[Records supplied]
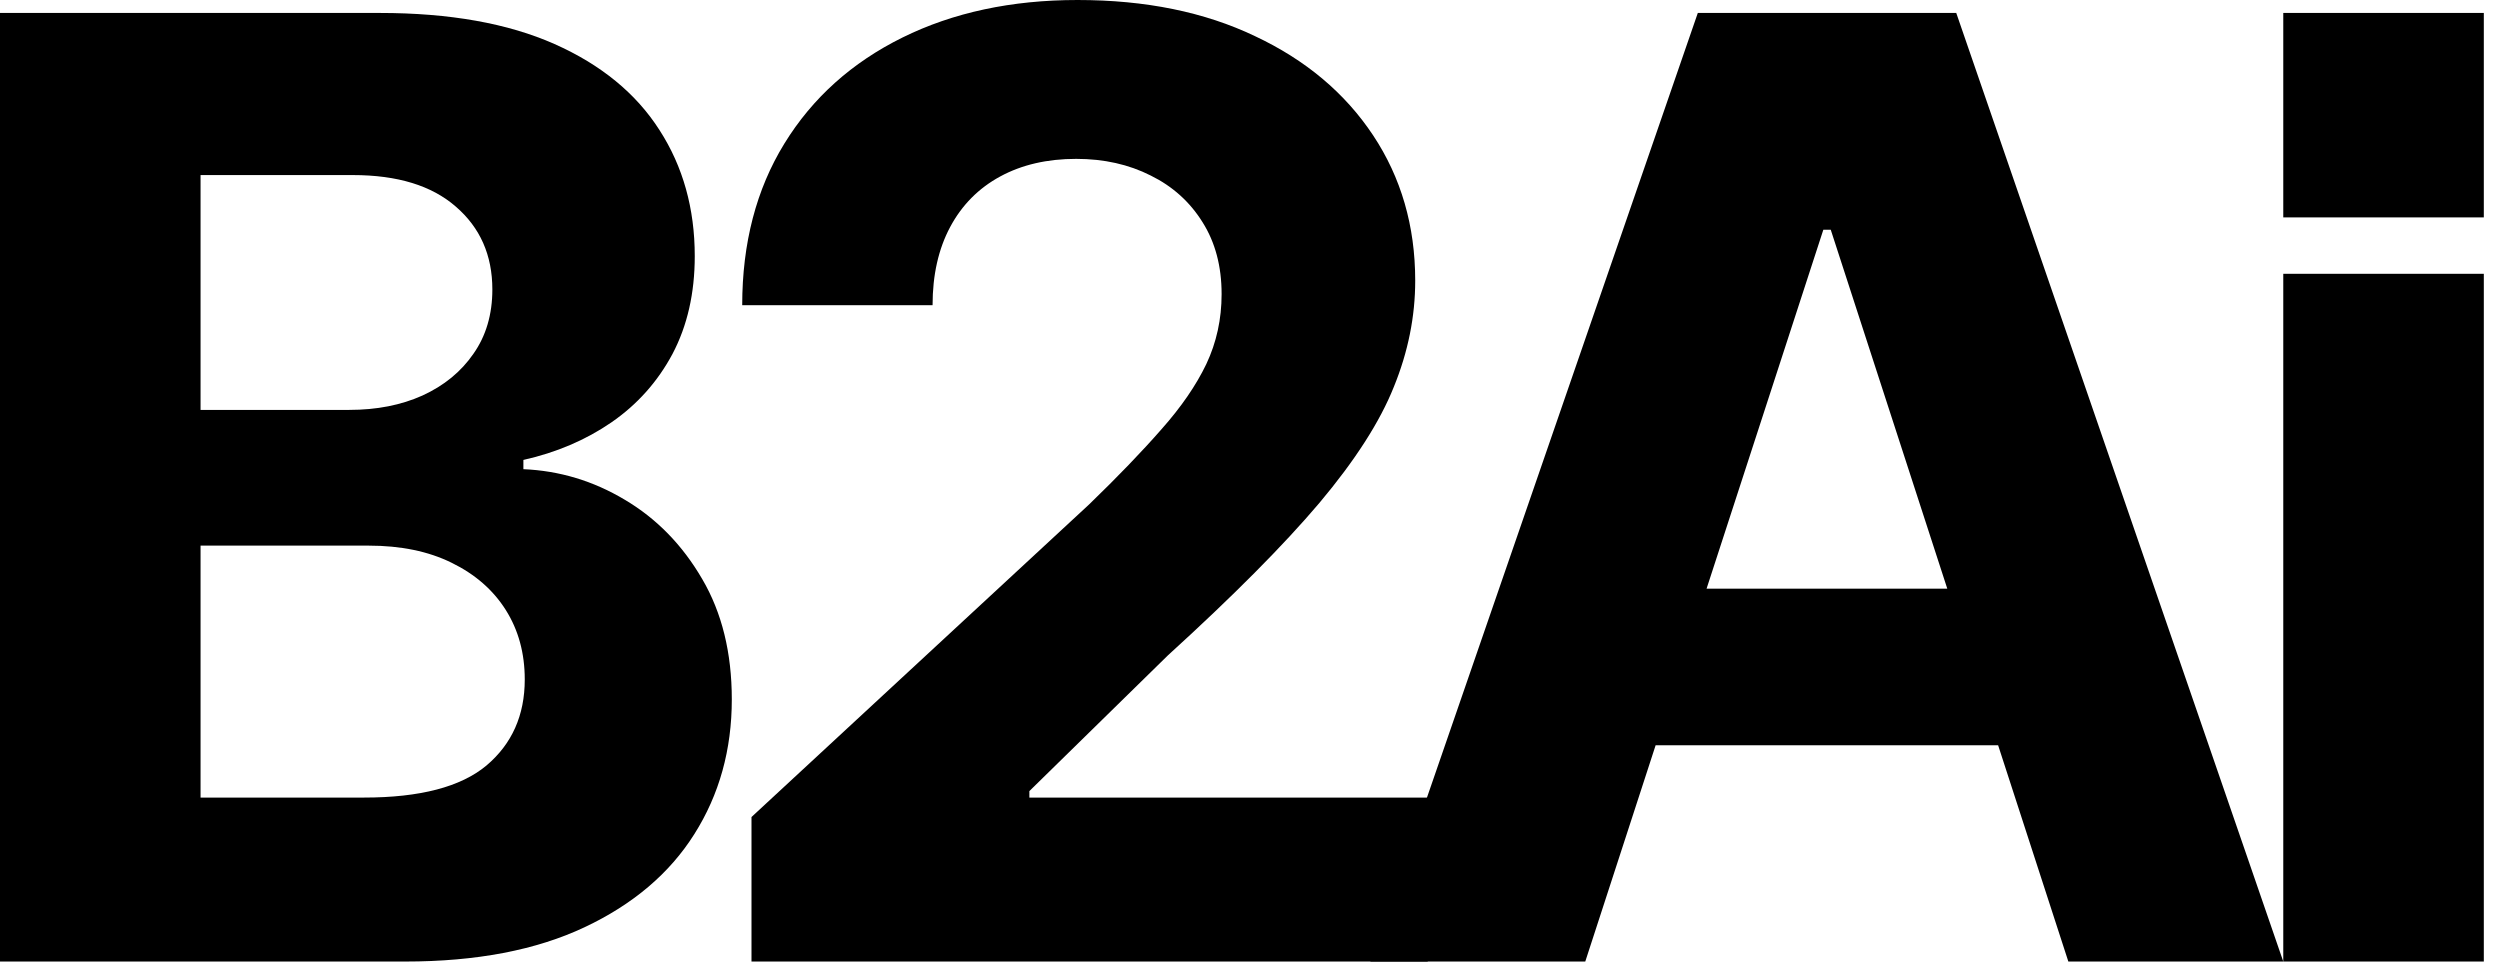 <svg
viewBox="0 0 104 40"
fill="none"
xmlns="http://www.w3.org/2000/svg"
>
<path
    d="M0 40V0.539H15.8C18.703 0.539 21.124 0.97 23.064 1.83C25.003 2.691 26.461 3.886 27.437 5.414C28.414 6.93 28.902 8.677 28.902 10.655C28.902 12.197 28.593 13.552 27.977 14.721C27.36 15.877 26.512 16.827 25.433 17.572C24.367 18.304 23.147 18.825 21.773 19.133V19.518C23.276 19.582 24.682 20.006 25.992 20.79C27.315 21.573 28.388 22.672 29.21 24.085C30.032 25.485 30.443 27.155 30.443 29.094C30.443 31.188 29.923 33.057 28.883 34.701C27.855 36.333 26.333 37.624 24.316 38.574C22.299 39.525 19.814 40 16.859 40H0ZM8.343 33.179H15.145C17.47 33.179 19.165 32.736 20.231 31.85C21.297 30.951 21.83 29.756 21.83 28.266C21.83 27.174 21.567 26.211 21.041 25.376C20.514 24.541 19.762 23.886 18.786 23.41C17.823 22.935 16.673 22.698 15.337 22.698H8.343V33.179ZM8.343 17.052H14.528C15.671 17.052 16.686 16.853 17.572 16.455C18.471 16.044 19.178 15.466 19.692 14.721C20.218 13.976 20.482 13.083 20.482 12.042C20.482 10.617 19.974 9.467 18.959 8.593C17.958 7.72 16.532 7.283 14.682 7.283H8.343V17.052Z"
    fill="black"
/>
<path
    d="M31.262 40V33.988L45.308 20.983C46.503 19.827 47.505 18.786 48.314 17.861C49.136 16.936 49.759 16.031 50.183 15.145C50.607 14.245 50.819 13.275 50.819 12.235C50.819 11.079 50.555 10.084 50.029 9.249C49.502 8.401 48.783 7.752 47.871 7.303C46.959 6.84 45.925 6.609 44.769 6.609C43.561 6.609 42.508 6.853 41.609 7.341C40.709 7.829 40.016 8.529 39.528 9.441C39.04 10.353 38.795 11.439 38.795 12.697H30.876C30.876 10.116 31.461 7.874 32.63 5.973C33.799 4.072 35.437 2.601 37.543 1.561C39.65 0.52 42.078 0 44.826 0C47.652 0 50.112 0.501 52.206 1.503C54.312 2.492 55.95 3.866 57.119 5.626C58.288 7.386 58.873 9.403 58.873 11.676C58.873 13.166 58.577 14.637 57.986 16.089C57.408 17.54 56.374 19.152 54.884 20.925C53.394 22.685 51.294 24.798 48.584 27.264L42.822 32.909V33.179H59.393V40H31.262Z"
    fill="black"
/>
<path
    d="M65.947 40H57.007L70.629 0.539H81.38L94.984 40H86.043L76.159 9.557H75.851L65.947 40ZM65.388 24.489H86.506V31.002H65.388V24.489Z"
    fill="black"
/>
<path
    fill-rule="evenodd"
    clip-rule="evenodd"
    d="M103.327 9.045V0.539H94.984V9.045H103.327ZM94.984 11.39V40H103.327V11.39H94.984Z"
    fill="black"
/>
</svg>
[/Records supplied]
Exercise instructions:
Copy each line of the records above that carries the word "evenodd".

Response box:
    fill-rule="evenodd"
    clip-rule="evenodd"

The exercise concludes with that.